When you reach the line with "FILE_DESCRIPTION(/* description */" in the data below, begin printing lines exactly, and stop once the line with "0 10303 214" has been printed.
[[ MATERIAL SUPPLIED open ]]
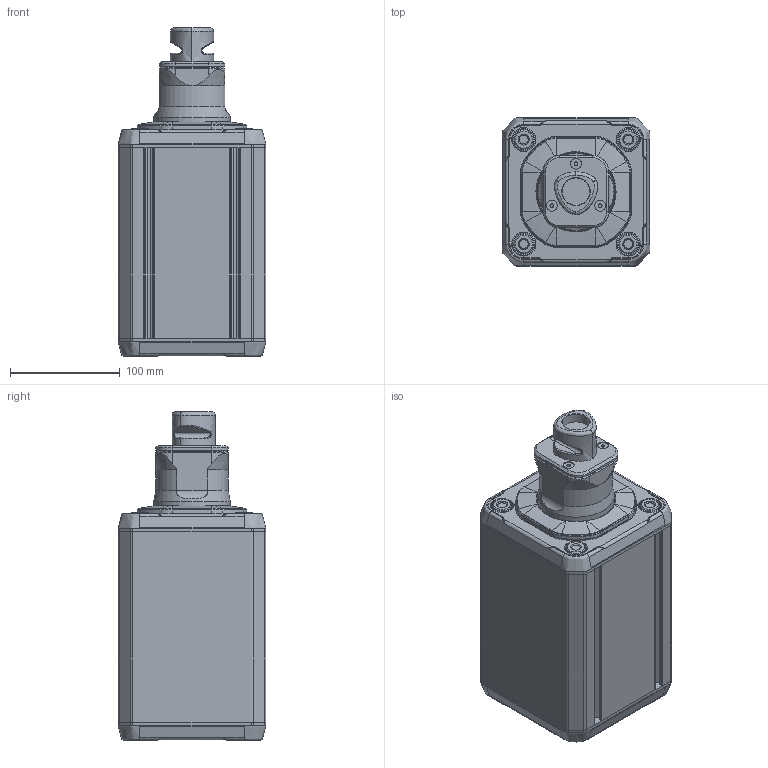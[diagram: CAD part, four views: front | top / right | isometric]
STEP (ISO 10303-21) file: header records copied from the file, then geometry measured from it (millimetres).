
FILE_DESCRIPTION(/* description */ (''),/* implementation_level */ '2;1');
FILE_NAME(/* name */ 'SC3 Pro Simplified.step',/* time_stamp */ '2025-06-30T14:54:03+03:00',/* author */ (''),/* organization */ (''),/* preprocessor_version */ 'ST-DEVELOPER v20.1',/* originating_system */ 'Autodesk Translation Framework v14.10.0.0',/* authorisation */ '');
FILE_SCHEMA (('AUTOMOTIVE_DESIGN { 1 0 10303 214 3 1 1 }'));
Length unit declared in the file: millimetre
Products named in the file (3): SC3 Sport Simplified; Link QR WB side simplified v2; Component
Assembly tree (2 placements, depth 3):
  SC3 Sport Simplified
    Link QR WB side simplified v2
      Component
Bounding box: 135 x 135 x 300 mm (x, y, z)
Volume: 3844909.2 mm3; surface area: 189227.9 mm2
Topology: 2 solids, 5 shells, 1140 faces, 2602 edges, 1491 vertices
Faces by surface type: cylinder 300, bspline 294, plane 258, cone 154, torus 134
Full cylindrical faces by diameter (mm): 5 x3, 6.779 x1, 8 x4, 10 x3, 17.8 x4, 20 x2, 25 x1, 58 x1, 62 x1, 70 x1
Entity records: 38080 total; most frequent: CARTESIAN_POINT 13423, ORIENTED_EDGE 5158, DIRECTION 5125, EDGE_CURVE 2579, AXIS2_PLACEMENT_3D 2074, VERTEX_POINT 1491, EDGE_LOOP 1182, FACE_OUTER_BOUND 1140
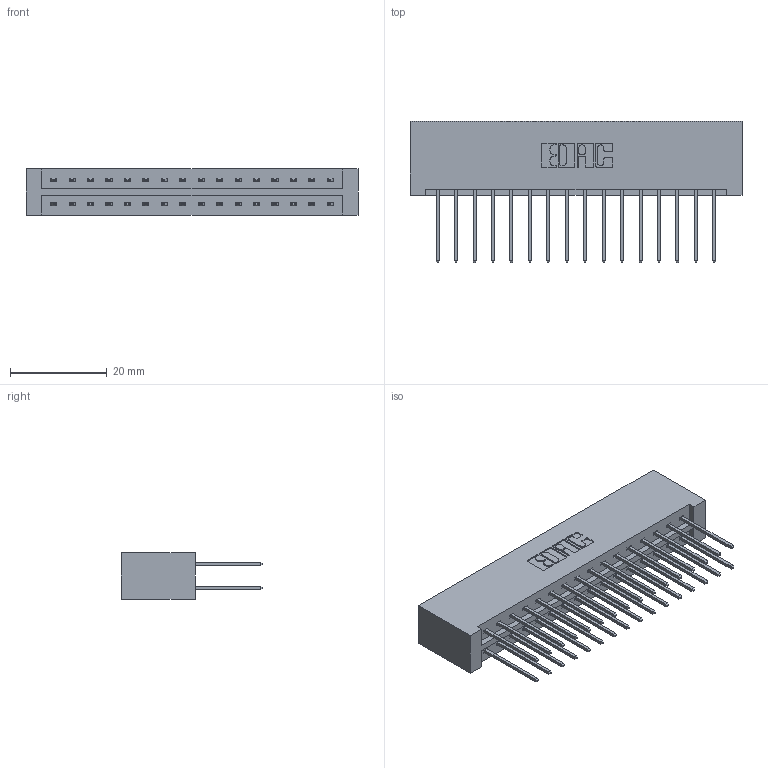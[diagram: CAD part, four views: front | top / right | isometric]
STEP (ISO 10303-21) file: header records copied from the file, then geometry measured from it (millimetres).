
FILE_DESCRIPTION (( 'STEP AP203' ), '1' );
FILE_NAME ('379-032-540-201.STEP', '2020-09-30T17:06:07', ( '' ), ( '' ), 'SwSTEP 2.0', 'SolidWorks 2020', '' );
FILE_SCHEMA (( 'CONFIG_CONTROL_DESIGN' ));
Length unit declared in the file: inch
Products named in the file (3): 345-292-001_345-293-140; 379 Part_Lugless; 379-032-540-201
Assembly tree (33 placements, depth 2):
  379-032-540-201
    379 Part_Lugless
    345-292-001_345-293-140  x32
Bounding box: 68.58 x 29.13 x 9.53 mm (x, y, z)
Volume: 7841.6 mm3; surface area: 9209.6 mm2
Topology: 33 solids, 33 shells, 1770 faces, 5247 edges, 3454 vertices
Faces by surface type: plane 1218, cylinder 552
Entity records: 13397 total; most frequent: CARTESIAN_POINT 2250, ORIENTED_EDGE 2186, DIRECTION 1961, EDGE_CURVE 1093, LINE 973, VECTOR 973, VERTEX_POINT 726, AXIS2_PLACEMENT_3D 494
[[ MATERIAL SUPPLIED closed ]]
- [TASK RESULT]
FILE_DESCRIPTION(/* description */ (''),/* implementation_level */ '2;1');
FILE_NAME(/* name */ 'SC3 Pro Simplified.step',/* time_stamp */ '2025-06-30T14:54:03+03:00',/* author */ (''),/* organization */ (''),/* preprocessor_version */ 'ST-DEVELOPER v20.1',/* originating_system */ 'Autodesk Translation Framework v14.10.0.0',/* authorisation */ '');
FILE_SCHEMA (('AUTOMOTIVE_DESIGN { 1 0 10303 214 3 1 1 }'));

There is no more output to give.